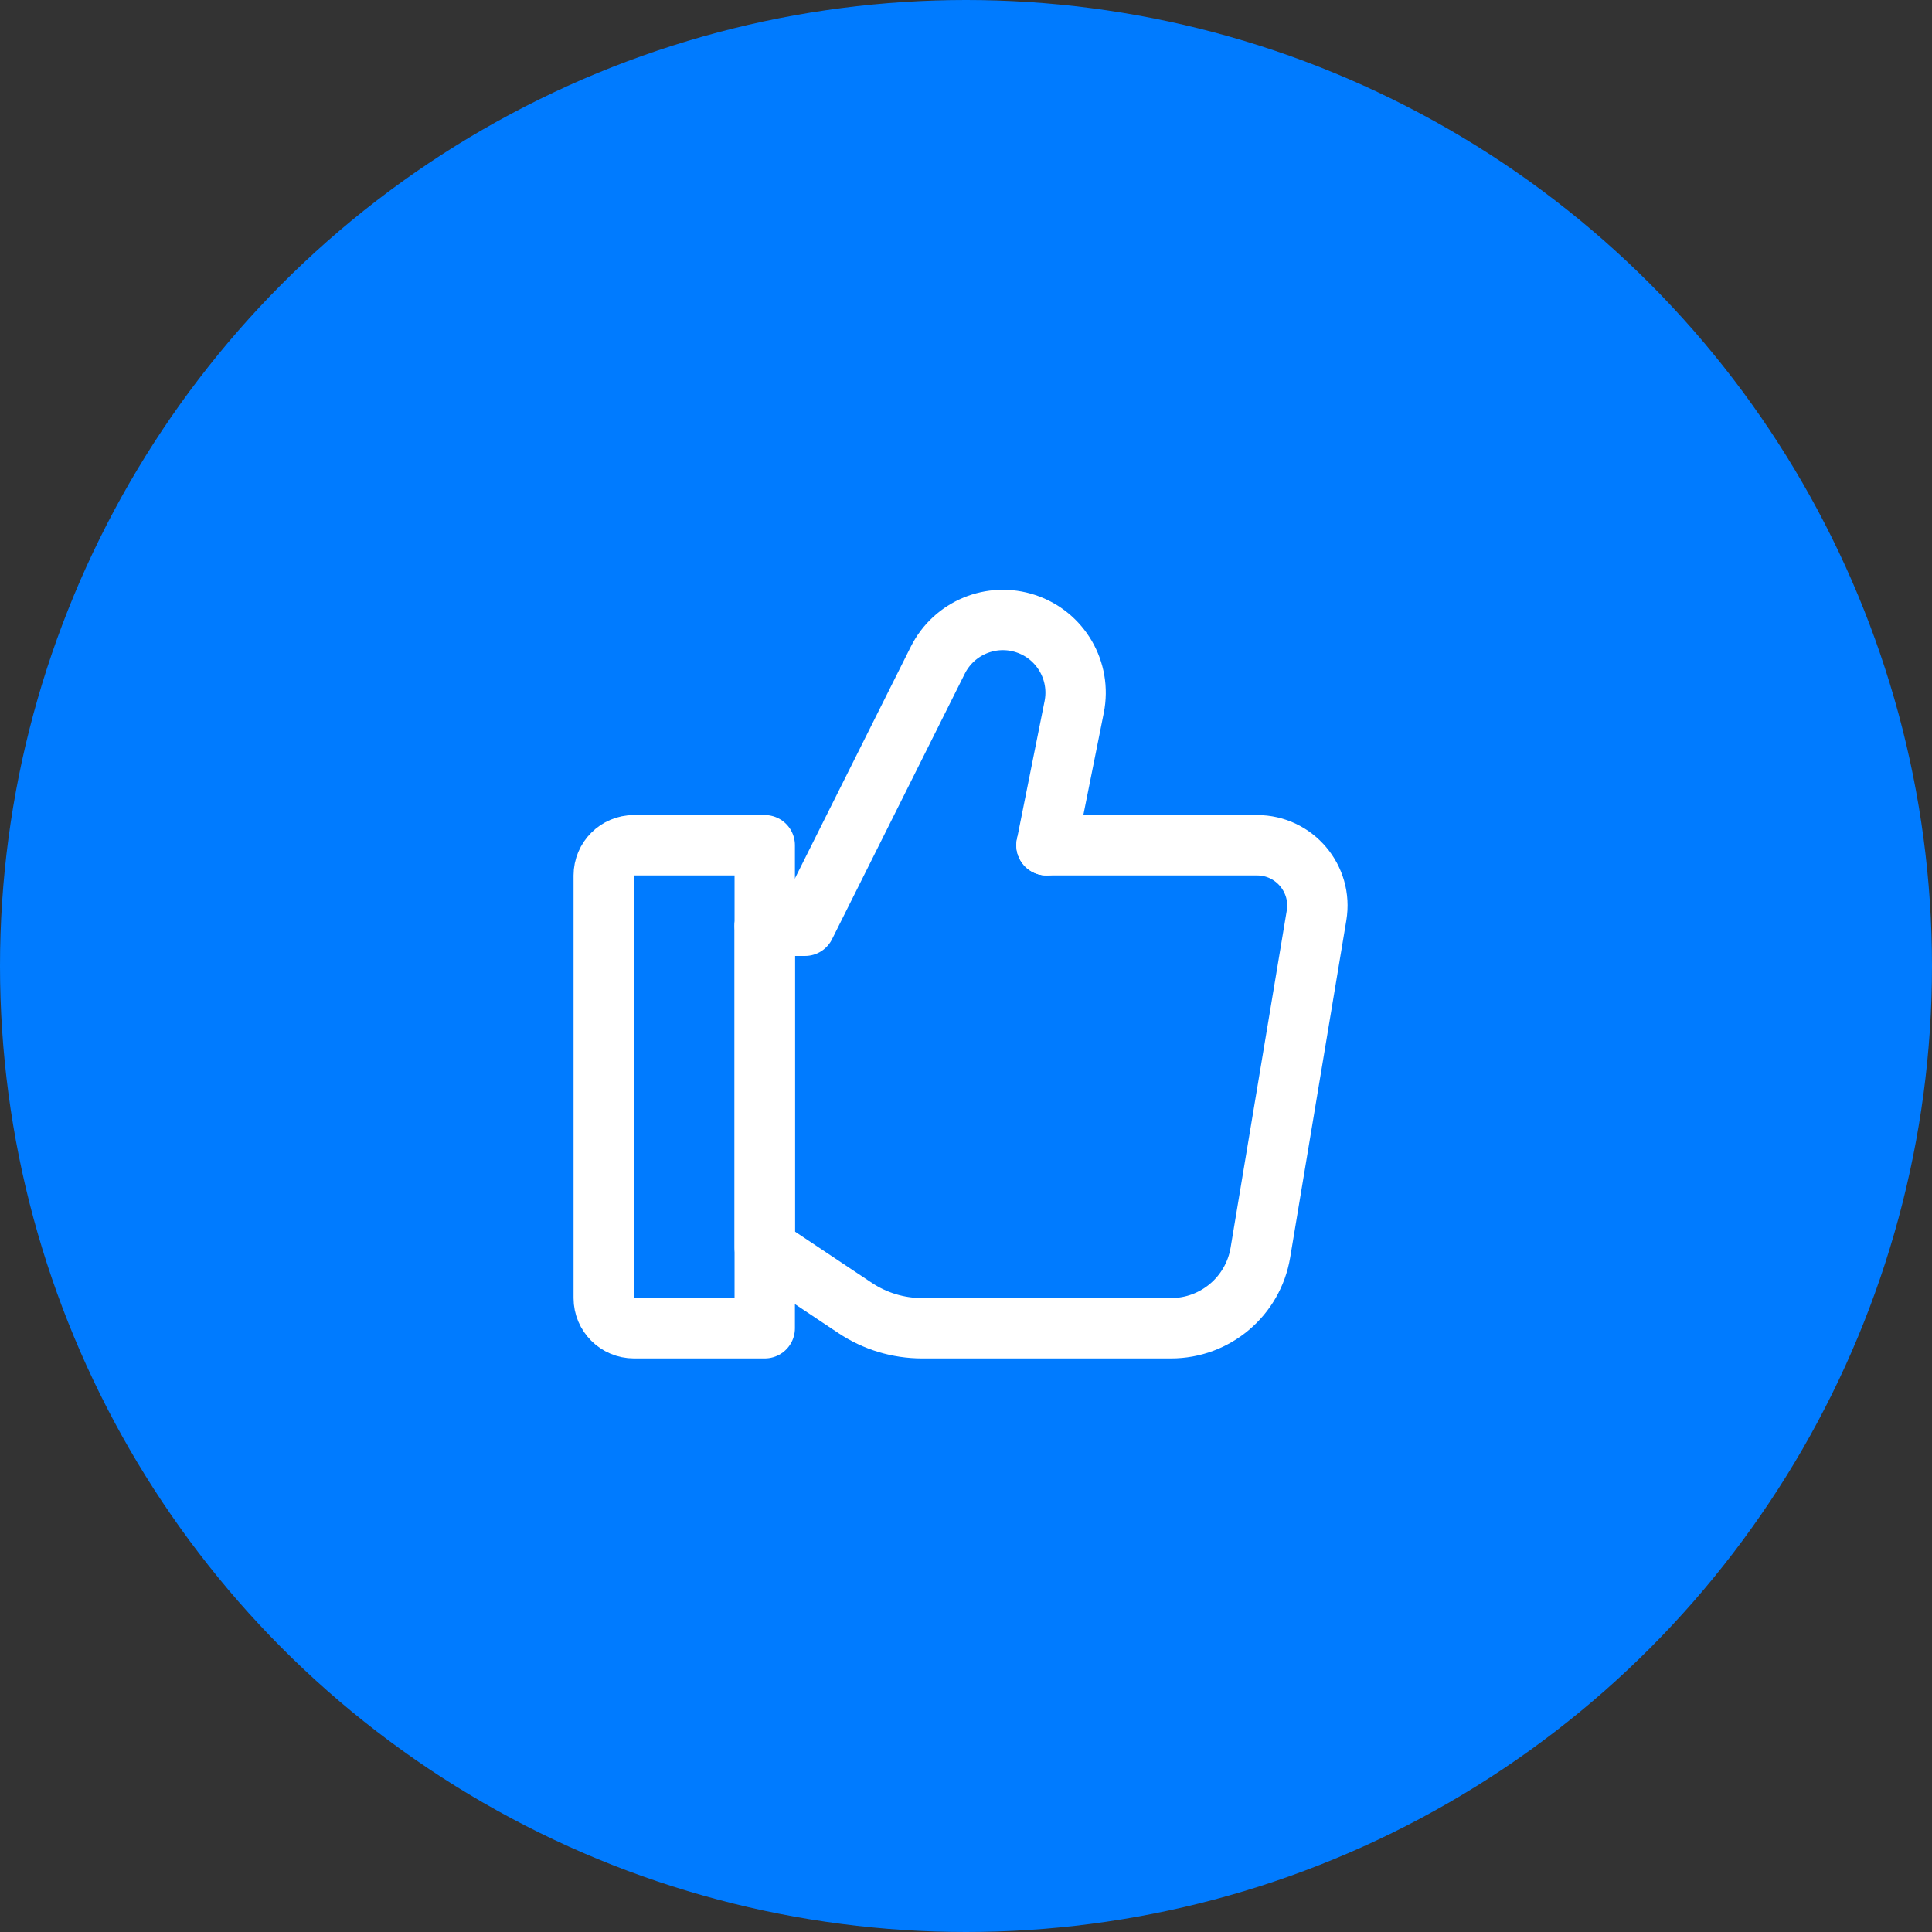 <svg width="64" height="64" viewBox="0 0 64 64" fill="none" xmlns="http://www.w3.org/2000/svg">
<rect x="0" y="0" width="64" height="64" fill="#333333" stroke="none"/>
<circle cx="32" cy="32" r="32" fill="#007BFF"/>
<path d="M20 29C20 28.448 20.448 28 21 28H25.333V44H21C20.448 44 20 43.552 20 43V29Z" stroke="white" stroke-width="2" stroke-linecap="round" stroke-linejoin="round"/>
<path d="M25.334 30.667V41.333L28.326 43.328C28.983 43.766 29.755 44 30.545 44H38.793C40.259 44 41.511 42.94 41.752 41.493L43.612 30.329C43.816 29.11 42.876 28 41.64 28H34.667" stroke="white" stroke-width="2" stroke-linecap="round" stroke-linejoin="round"/>
<path d="M34.667 28L35.584 23.419C35.822 22.227 35.136 21.045 33.983 20.661V20.661C32.846 20.282 31.602 20.797 31.066 21.869L26.667 30.667H25.334" stroke="white" stroke-width="2" stroke-linecap="round" stroke-linejoin="round"/>
</svg>
========================================
• _EXERCISE AIM_: Each line from the one containing "28L35.584 23.419C35.822 22.227" through the end of the material must be returned exactly; no other line should appear.

• _RESULT_:
<path d="M34.667 28L35.584 23.419C35.822 22.227 35.136 21.045 33.983 20.661V20.661C32.846 20.282 31.602 20.797 31.066 21.869L26.667 30.667H25.334" stroke="white" stroke-width="2" stroke-linecap="round" stroke-linejoin="round"/>
</svg>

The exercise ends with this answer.